Ponte Pietra (Ponte Pietra) - Roma İmparatorluğu döneminde inşa edilen ve günümüzde neredeyse orijinal haliyle hayatta kalan tek kemer köprüsü. Kelimenin tam anlamıyla İtalyanca'dan çevrilmiş ismi "Taş Köprü" anlamına geliyor. Yapının uzunluğu 120 metredir, genişliği 4 metreden biraz azdır. Adige Nehri kıyılarını birbirine bağlayan, bir ucunda kelimenin tam anlamıyla eski bir gözetleme kulesine dayanmaktadır.
Hikaye
Ponte Pietra, MS 89 yıllarında modern Verona topraklarında inşa edilen ilk taş köprüdür. Kemerler şeklinde yapılmış beş açıklıktan oluşuyordu ve başlangıçta inşaat için kullanılan ana malzemeye dayanan Pon Marmoreus (Pon Marmoreus) - Mermer Köprü olarak adlandırılıyordu.

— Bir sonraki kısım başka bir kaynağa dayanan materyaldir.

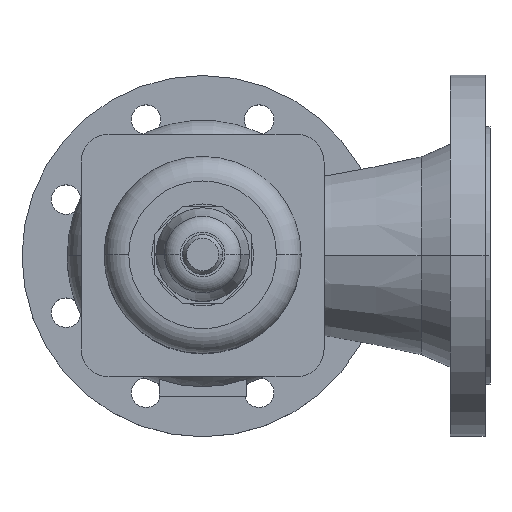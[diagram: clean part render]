
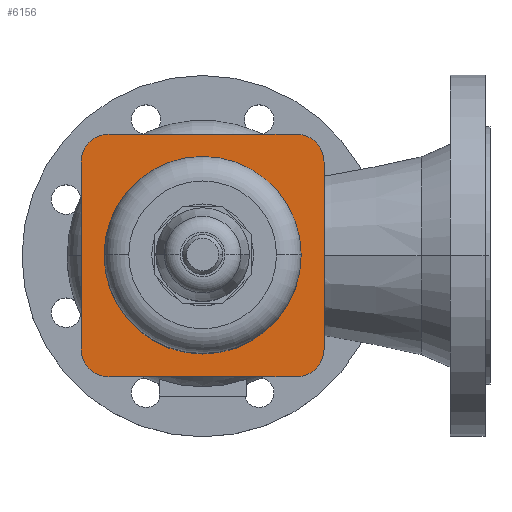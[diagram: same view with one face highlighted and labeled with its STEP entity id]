
A CAD part, top view. The second image highlights one B-rep face of the part: STEP entity #6156.
In plain terms, the highlighted planar face has unit normal (0, 0, 1).
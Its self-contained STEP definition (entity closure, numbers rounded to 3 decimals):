
#5960=CARTESIAN_POINT('',(56.922,73.922,268.68));
#5961=VERTEX_POINT('',#5960);
#5968=CARTESIAN_POINT('',(73.922,56.922,268.68));
#5969=VERTEX_POINT('',#5968);
#5970=CARTESIAN_POINT('',(56.922,56.922,268.68));
#5971=DIRECTION('',(0.,-0.,1.));
#5972=DIRECTION('',(1.,0.,0.));
#5973=AXIS2_PLACEMENT_3D('',#5970,#5971,#5972);
#5974=CIRCLE('',#5973,17.);
#5975=EDGE_CURVE('',#5969,#5961,#5974,.T.);
#5993=CARTESIAN_POINT('',(73.922,-56.922,268.68));
#5994=VERTEX_POINT('',#5993);
#5995=CARTESIAN_POINT('',(73.922,-56.922,268.68));
#5996=DIRECTION('',(-0.,1.,0.));
#5997=VECTOR('',#5996,113.844);
#5998=LINE('',#5995,#5997);
#5999=EDGE_CURVE('',#5994,#5969,#5998,.T.);
#6017=CARTESIAN_POINT('',(56.922,-73.922,268.68));
#6018=VERTEX_POINT('',#6017);
#6019=CARTESIAN_POINT('',(56.922,-56.922,268.68));
#6020=DIRECTION('',(-0.,-0.,1.));
#6021=DIRECTION('',(-0.,-1.,-0.));
#6022=AXIS2_PLACEMENT_3D('',#6019,#6020,#6021);
#6023=CIRCLE('',#6022,17.);
#6024=EDGE_CURVE('',#6018,#5994,#6023,.T.);
#6042=CARTESIAN_POINT('',(-56.922,-73.922,268.68));
#6043=VERTEX_POINT('',#6042);
#6044=CARTESIAN_POINT('',(-56.922,-73.922,268.68));
#6045=DIRECTION('',(1.,-0.,-0.));
#6046=VECTOR('',#6045,113.844);
#6047=LINE('',#6044,#6046);
#6048=EDGE_CURVE('',#6043,#6018,#6047,.T.);
#6066=CARTESIAN_POINT('',(-73.922,-56.922,268.68));
#6067=VERTEX_POINT('',#6066);
#6068=CARTESIAN_POINT('',(-56.922,-56.922,268.68));
#6069=DIRECTION('',(-0.,-0.,1.));
#6070=DIRECTION('',(-1.,-0.,-0.));
#6071=AXIS2_PLACEMENT_3D('',#6068,#6069,#6070);
#6072=CIRCLE('',#6071,17.);
#6073=EDGE_CURVE('',#6067,#6043,#6072,.T.);
#6090=CARTESIAN_POINT('',(-56.922,73.922,268.68));
#6091=VERTEX_POINT('',#6090);
#6098=CARTESIAN_POINT('',(56.922,73.922,268.68));
#6099=DIRECTION('',(-1.,-0.,-0.));
#6100=VECTOR('',#6099,113.844);
#6101=LINE('',#6098,#6100);
#6102=EDGE_CURVE('',#5961,#6091,#6101,.T.);
#6108=CARTESIAN_POINT('',(79.25,-0.,268.68));
#6109=DIRECTION('',(0.,-0.,1.));
#6110=DIRECTION('',(1.,0.,-0.));
#6111=AXIS2_PLACEMENT_3D('',#6108,#6109,#6110);
#6112=PLANE('',#6111);
#6113=ORIENTED_EDGE('',*,*,#6073,.T.);
#6114=ORIENTED_EDGE('',*,*,#6048,.T.);
#6115=ORIENTED_EDGE('',*,*,#6024,.T.);
#6116=ORIENTED_EDGE('',*,*,#5999,.T.);
#6117=ORIENTED_EDGE('',*,*,#5975,.T.);
#6118=ORIENTED_EDGE('',*,*,#6102,.T.);
#6119=CARTESIAN_POINT('',(-73.922,56.922,268.68));
#6120=VERTEX_POINT('',#6119);
#6121=CARTESIAN_POINT('',(-56.922,56.922,268.68));
#6122=DIRECTION('',(-0.,-0.,1.));
#6123=DIRECTION('',(0.,1.,0.));
#6124=AXIS2_PLACEMENT_3D('',#6121,#6122,#6123);
#6125=CIRCLE('',#6124,17.);
#6126=EDGE_CURVE('',#6091,#6120,#6125,.T.);
#6127=ORIENTED_EDGE('',*,*,#6126,.T.);
#6128=CARTESIAN_POINT('',(-73.922,56.922,268.68));
#6129=DIRECTION('',(0.,-1.,-0.));
#6130=VECTOR('',#6129,113.844);
#6131=LINE('',#6128,#6130);
#6132=EDGE_CURVE('',#6120,#6067,#6131,.T.);
#6133=ORIENTED_EDGE('',*,*,#6132,.T.);
#6134=EDGE_LOOP('',(#6113,#6114,#6115,#6116,#6117,#6118,#6127,#6133));
#6135=FACE_BOUND('',#6134,.T.);
#6136=CARTESIAN_POINT('',(60.,-0.,268.68));
#6137=VERTEX_POINT('',#6136);
#6138=CARTESIAN_POINT('',(-60.,-0.,268.68));
#6139=VERTEX_POINT('',#6138);
#6140=CARTESIAN_POINT('',(0.,-0.,268.68));
#6141=DIRECTION('',(-0.,-0.,1.));
#6142=DIRECTION('',(1.,0.,0.));
#6143=AXIS2_PLACEMENT_3D('',#6140,#6141,#6142);
#6144=CIRCLE('',#6143,60.);
#6145=EDGE_CURVE('',#6137,#6139,#6144,.T.);
#6146=ORIENTED_EDGE('',*,*,#6145,.F.);
#6147=CARTESIAN_POINT('',(0.,-0.,268.68));
#6148=DIRECTION('',(-0.,-0.,1.));
#6149=DIRECTION('',(1.,0.,0.));
#6150=AXIS2_PLACEMENT_3D('',#6147,#6148,#6149);
#6151=CIRCLE('',#6150,60.);
#6152=EDGE_CURVE('',#6139,#6137,#6151,.T.);
#6153=ORIENTED_EDGE('',*,*,#6152,.F.);
#6154=EDGE_LOOP('',(#6146,#6153));
#6155=FACE_BOUND('',#6154,.T.);
#6156=ADVANCED_FACE('',(#6135,#6155),#6112,.T.);

Antik çağda, Postumiev yolu, Alp Dağları'ndaki ticaret kenti Cenova ve Brenner Geçidi'ni birbirine bağlayan yol boyunca uzanıyordu.
Çok sayıda yeniden yapılanma nedeniyle, Pont Marmoreus ismini değiştirdi (ve buna bağlı olarak ana duvarcılık malzemesi) ve Ponte Pietra olarak tanındı. Yanında da benzer bir kemerli köprü yapıldı - Ponte Postumio (Ponte Postumio). Birlikte, antik Roma Tiyatrosu'nu, bugüne kadar kısmen korunmuş tek bir mimari toplulukla birleştirdiler.
II. Dünya Savaşı'nın sonuna doğru, harap Verona'dan kaçan Almanlar, eski Ponte Pietra da dahil olmak üzere kentteki tüm köprüleri havaya uçurdu. Neyse ki, yapının fotoğrafları ve teknik özellikleri korunmuştur. Bu, savaşın sonunda Adige'nin dibinden parçaları yükseltmeyi ve yeniden inşa etmeyi mümkün kılarak neredeyse orijinal halini tamamen korudu. Doğru, mermer duvarının kırmızı tuğla dahil diğer malzemelerle kısmen değiştirilmesi gerekiyordu. Sonuç olarak, Ponte Pietra, Verona'nın şu anki sakinleri ve misafirleri tarafından bilinen, oldukça özgün bir görünüm kazandı.
Ponte Pietra çevresinde yerler
Verona'nın diğer ilgi çekici yerleri Ponte Pietra'nın yakınındadır. Bunlardan en önemlisi, MS 1. yüzyılın başında inşa edilen antik Roma Tiyatrosu'dur (Teatro Romano). Asil izleyicilerin yerlerinin bulunduğu orkestranın parçaları, tiyatro kompleksinin bir parçası olan antik bir tapınağın sahne ve bir kısmı günümüze kadar korunmuştur.
Roma Tiyatrosu'ndan çok uzak olmayan, öncelikle oldukça ilgi çekici olan arkeoloji müzesine ev sahipliği yapan San Girolamo (San Girolamo) manastırıdır.
Nehirden geçerken, kendinizi tüm Avrupa ve özellikle İtalya'nın en saygılı cennet patronlarından biri olan Aziz Stephen kilisesinin yanında bulabilirsiniz. Bazı versiyonlara göre, bir zamanlar Verona kent kilisesi olarak hizmet veren St. Stephen kilisesiydi. Köprü ile birlikte, bu cazibe merkezleri neredeyse hiç durmadan hayran olabileceğiniz inanılmaz derecede güzel bir mimari kompleks oluşturuyor.